(Reuters) - Albemarle Corp said on Thursday it will double production at its lithium facility in Silver Peak, Nevada, part of a plan to boost supply for the burgeoning electric vehicle (EV) market.
Government mandates and rising concerns about climate change have increased demand for EVs and for the ultra-light battery material lithium. Albemarle expects its Nevada expansion to help supply the U.S. market.
Already the world’s largest lithium producer, Albemarle plans to invest between $30 million and $50 million to double production at the Nevada site by 2025. The company also produces lithium in Chile and Australia.

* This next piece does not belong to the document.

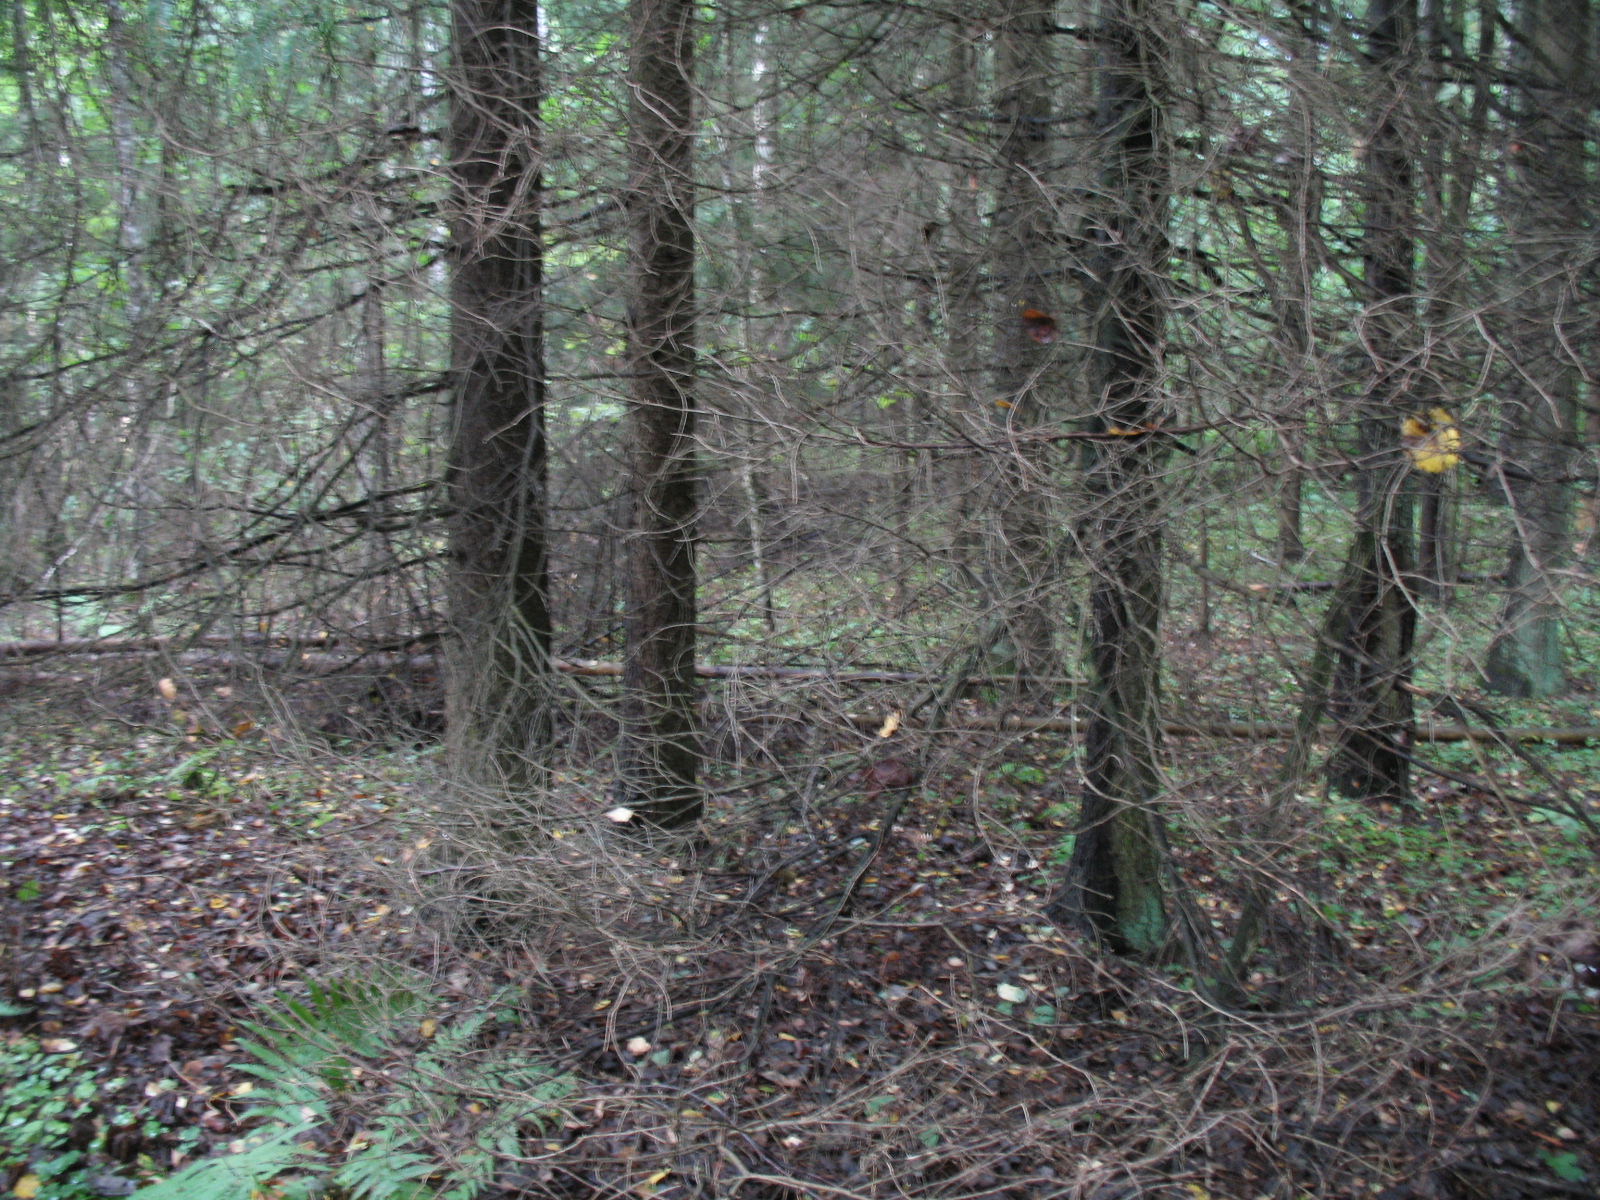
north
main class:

This would expand the operation, which produces lithium from brine extracted from the Clayton Valley basin, to 10 kilo tonnes (kt) of lithium carbonate equivalent from 5 kt, BMO Capital Markets analyst Joel Jackson said in a note.

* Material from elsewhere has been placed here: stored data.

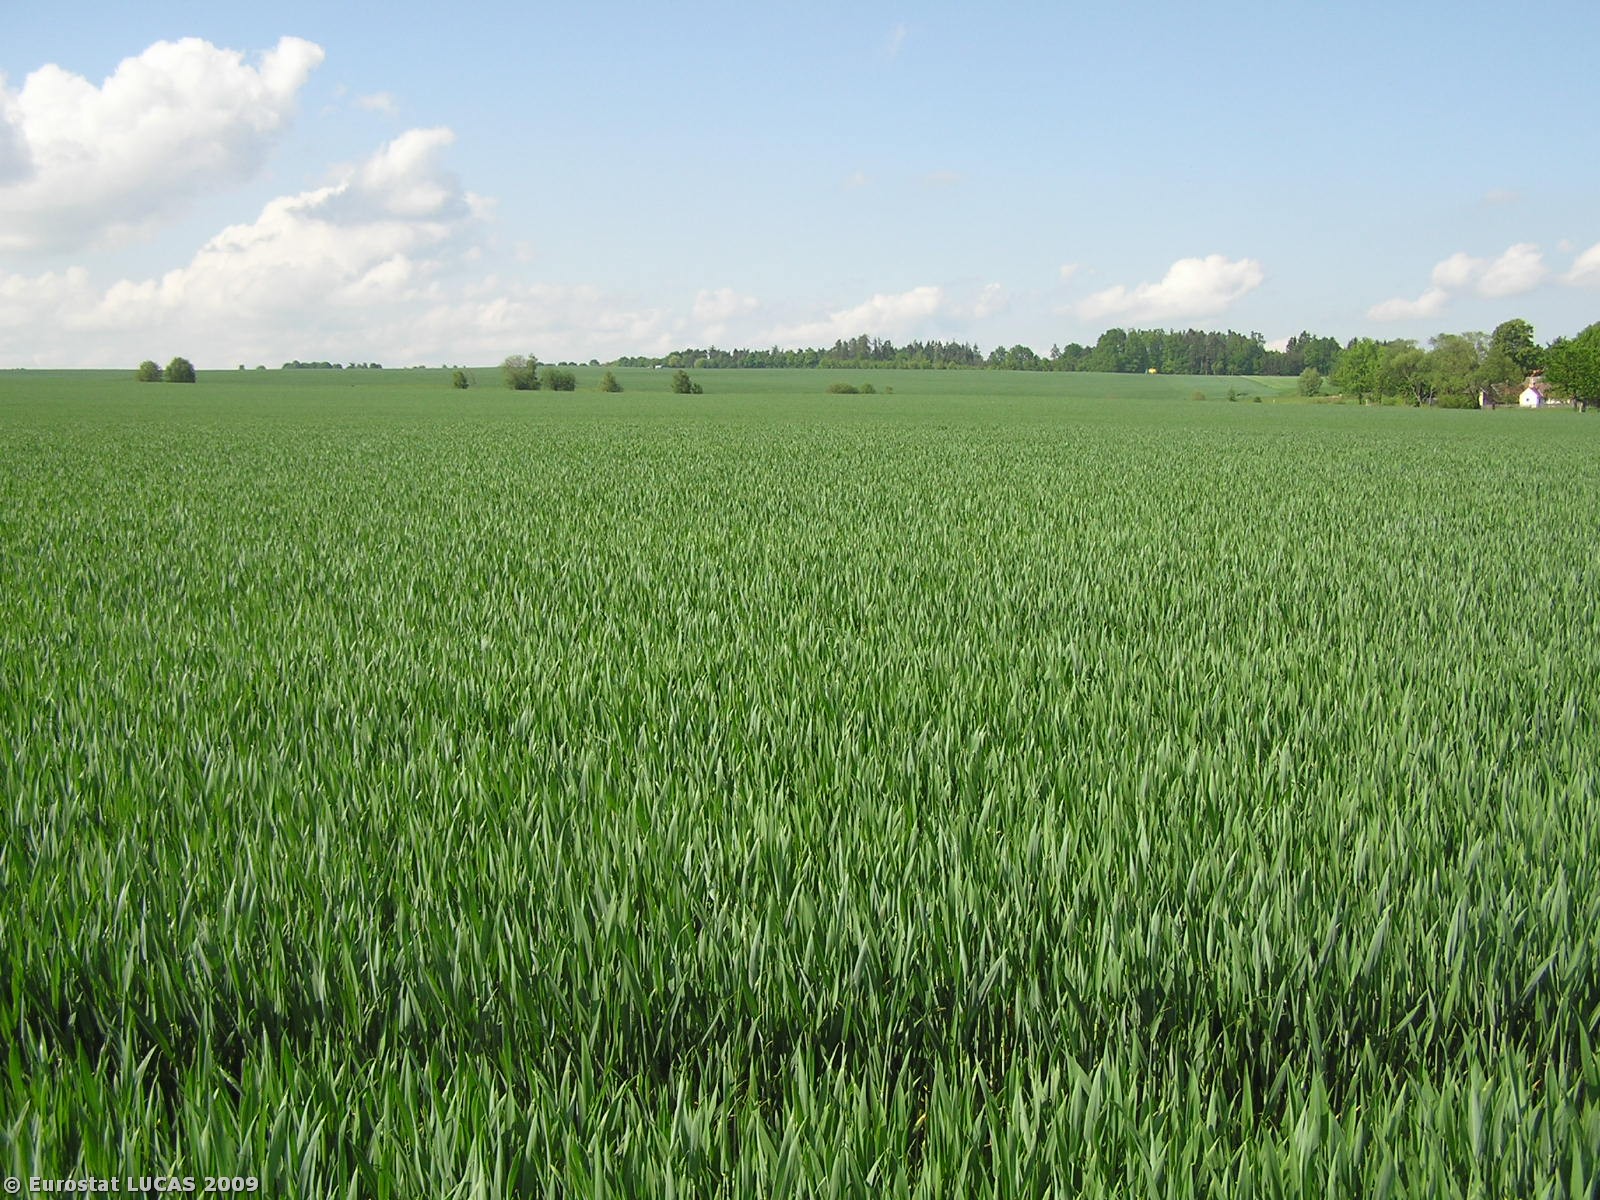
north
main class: Cropland
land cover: Common wheat
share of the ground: > 75 %
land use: Agriculture (excluding fallow land and kitchen gardens)
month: May
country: CZ
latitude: 49.3176
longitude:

“The motivation would seem clearly to be to bulk up its U.S. operations as lithium and EVs become of more strategic importance this decade, particularly perhaps under the new green-friendly Biden administration,” Jackson said.
Albemarle’s stock rose 4.5% to $183 in morning trading. The stock has more than doubled in the past year.
The company is the only U.S. lithium producer, although Standard Lithium Ltd, Piedmont Lithium Ltd, ioneer Ltd and others are working to bring projects online.
President-elect Joe Biden has promised to make tackling climate change one of the pillars of his incoming administration, a plan that includes rapid promotion of EV technologies.
Charlotte, North Carolina-based Albemarle said it will also begin a program to evaluate clays and other available Nevada resources for commercial production of the metal.
Lithium Americas Corp is developing a lithium clay project in Nevada, roughly 350 miles (563 km) north of Albemarle’s operations. Tesla Inc has said it wants to produce lithium from clay.